DATA FOR THE TASK
***
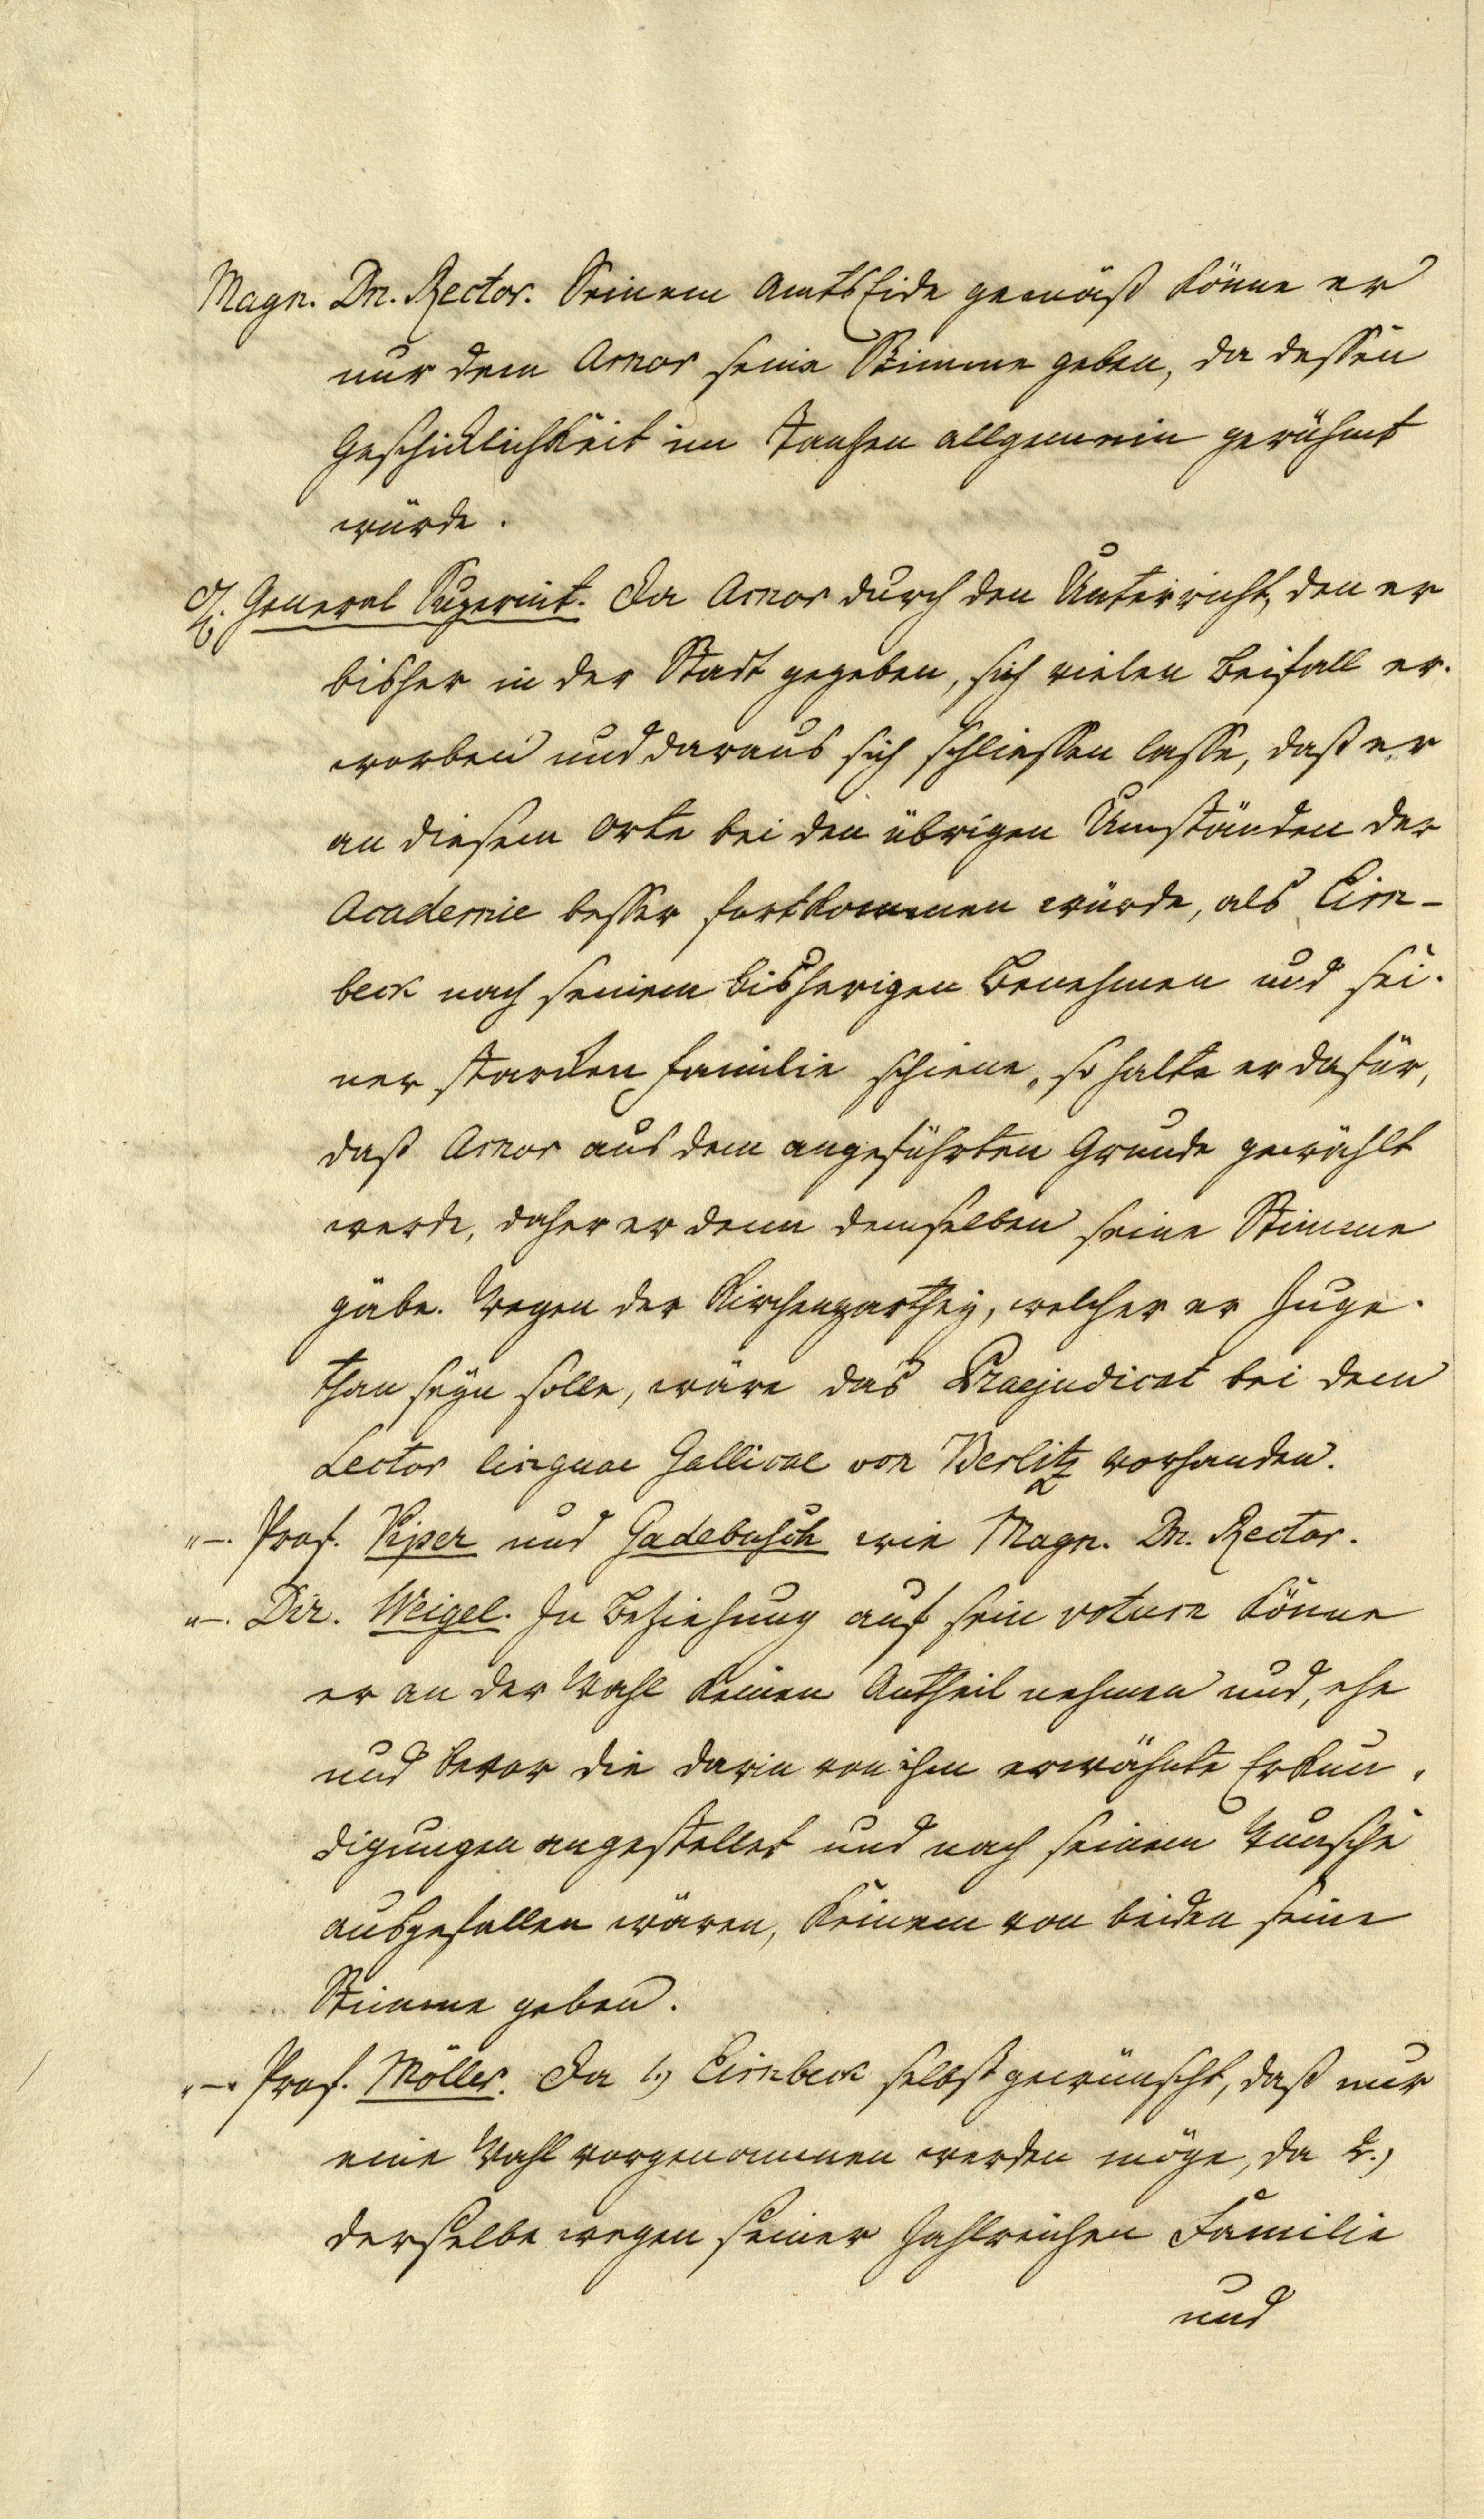Magn. Dn. Rector. Seinem Amts Eide gemäß könne er
nur dem Amor seine Stimme geben, da dessen
Geschicklichkeit im Tanzen allgemein gerühmt
würde.
dh. General Superint. Da Amor durch den Unterricht, den er
bisher in der Stadt gegeben, sich vielen Beifall er-
worben und daraus sich schliessen lasse, daß er
an diesem Orte bei den übrigen Umständen der
Academie besser fortkommen würde, als Eim-
beck nach seinem bisherigen Benehmen und sei-
ner starken Familie schiene, so halte er dafür,
daß Amor aus dem angeführten Grunde gewählt
werde, daher er denn demselben seine Stimme
gäbe. Wegen der Kirchenparthey, welcher er zuge-
than seyn solle, wäre das Praejudicat bei dem
Lector linguae Gallicae von Berlitz vorhanden.
" - . Prof. Piper und Gadebusch wie Magn. Dn. Rector.
" - . Dir. Weigel. In Beziehung auf sein votum könne
er an der Wahl keinen Antheil nehmen und , ehe
und bevor die darin von ihm erwähnte Erkun-
digungen angestellet und nach seinem Wunsche
ausgefallen wären, keinem von beiden seine
Stimme geben.
" - " Prof. Möller. Da 1.) Eimbeck selbst gewünschet, daß nur
eine Wahl vorgenommen werden möge, da 2.)
derselbe wegen seiner zahlreichen Familie
und
***
PROBLEM DESCRIPTION
Please go through the data above and copy each line that has the word "würde".

OUTPUT FOR THIS EXERCISE
würde.
Academie besser fortkommen würde, als Eim-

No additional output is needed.